If you have ever picked up your skis and noticed that they’re looking a little gray and “dry” on the bottom, then you probably need to learn how to wax your skis. To that end, that means you’ve gone too long without waxing your skis. You take care of your best ski boots, so have to care fr skis too.
Now, take a look at a new pair of skis and you’ll notice the bases are a clean, deep black, thanks to a plastic known as P-tex. This is the plastic that is designed to hold the wax you’re about to polish your skis with!
Waxing your skis will not only improve performance but actually make it easier to ski. You see, waxed skis are easier to control because they respond to your inputs more precisely, and are also less likely to stick to the snow in certain weather conditions, making it easier to predict how your skis will react.
That all said, contrary to popular belief, waxing skis is not meant for speed (unless you’re a racer). And waxing is a necessary maintenance task for skiers of any level, especially if you’re learning to ski – you don’t want to fight and drag your skis when the bases begin to stick to the snow.

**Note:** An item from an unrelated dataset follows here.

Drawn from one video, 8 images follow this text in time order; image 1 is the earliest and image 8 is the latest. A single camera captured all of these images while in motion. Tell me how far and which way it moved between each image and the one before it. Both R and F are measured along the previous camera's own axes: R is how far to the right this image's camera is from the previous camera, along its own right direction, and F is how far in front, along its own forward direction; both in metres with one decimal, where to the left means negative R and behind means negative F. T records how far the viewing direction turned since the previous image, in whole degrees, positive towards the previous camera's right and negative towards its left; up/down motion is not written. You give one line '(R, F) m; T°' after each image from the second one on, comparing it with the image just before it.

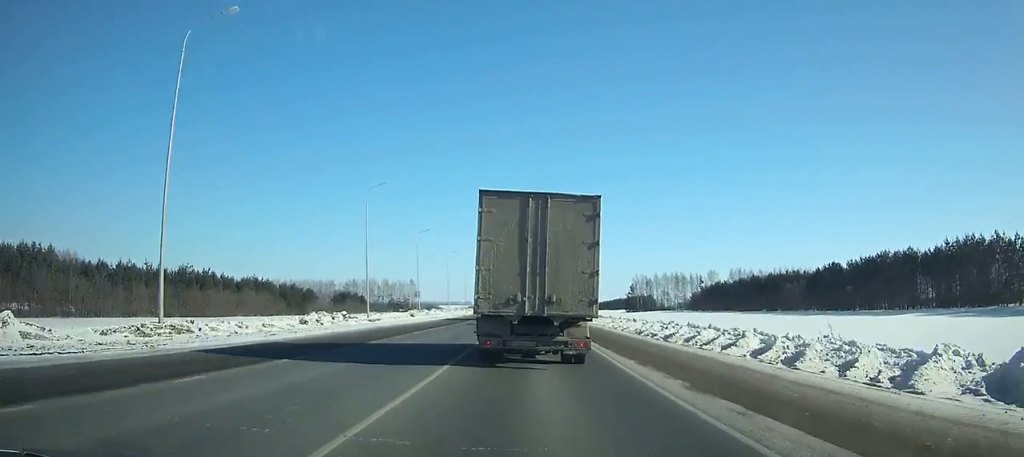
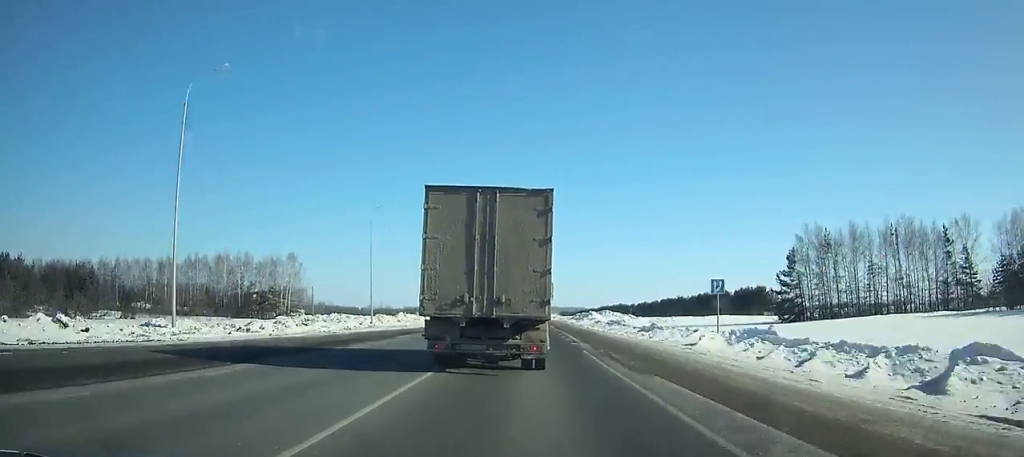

Before beginning, check the ski bases for any major damage including nicks, scratches, and core shots (where the P-tex base has been ripped away). If this damage is present, have the ski repaired before waxing.
1. Apply Brake Bands: Keep your ski brakes out of the way by using a large rubber band to pull the brakes back. Wrap the rubber band over the heel of the binding, and capture each brake arm to pull them up into a retracted position.
2. Secure Ski: Fancy vices and tables aren’t necessary here. Simply cover any table with some newspaper, and use a stack of old books under the tip and tail to support the ski. Use an old towel on top of the books if you need something to keep the ski from scooting around.
3. Clean Ski Base: Use a brass brush and acrylic scraper from tip to tail to brush away any remaining old dirt or wax. Don’t be afraid to be aggressive with the brush, but only a little brushing is necessary. We don’t want to rip apart the ski base.
4. Choose Wax: Every wax will have a designated temperature range. Choose a wax which meets the coldest temperature you reasonably can expect to ski during your trip. Hydrocarbon waxes are the most common, while fluorocarbon waxes are much more expensive and are usually unnecessary except, perhaps, in high humidity conditions or wet snow conditions.
5. Melt Wax on to Ski: Use the iron to melt your wax bar or brick. Hold the wax several inches above the ski and allow the wax to drip on to the ski bases. Drip the wax from side to side and along the length of the ski. It is not necessary to completely cover the ski in wax at this point. Adjust the iron’s temperature so that wax melts and flows easily, but avoid burning the wax or using excess heat.
6. Iron Wax Into Ski Base: Set aside the wax bar and now work the wax into the ski. Using a combination of circular motions and long strokes, use the iron to melt the wax fully into the base of your skis. It’s important to give the wax enough time to heat up and penetrate the P-tex bases. However, it is possible to overheat and damage the skis, so keep the iron moving and generally apply heat for no more than 45 seconds in any given spot.
7. Scrape Excess Wax: Allow the ski to cool for 60 minutes after ironing the wax in. Now, use the acrylic scraper and scrape off excess wax in long, even strokes. Wax should peel off liberally. Continue to scrape the wax until you no longer get wax removal with subsequent passes of the scraper. We want the wax to be in the skis, not on the skis. Excess wax can decrease performance.
8. Brush the Bases: Using a stiff nylon base brush, brush the ski bases in long strokes from front to back. It’s important to brush in-line with the ski’s length to help clear out the water channels in the ski bases. You should get some fine wax powder brushing away as you work with the nylon brush. A few passes are sufficient. Remove any remaining wax powder with a soft fiber cloth.
Congratulations, you’ve just waxed your first pair of skis! Now that they’re waxed, it’s important to keep them in good health. Avoid skiing over sticks, debris, rocks, or ice chunks, and always try to use your poles to unclip from your bindings. Stepping on the bindings with one ski or the other (a common technique) can scratch, dent, or damage the P-tex bases.
Generally waxing once per week (if you’re skiing all day, every day) should be sufficient for the everyday skier. If you’re experiencing massive temperature or moisture fluctuations, however, it may be advisable to wax more often.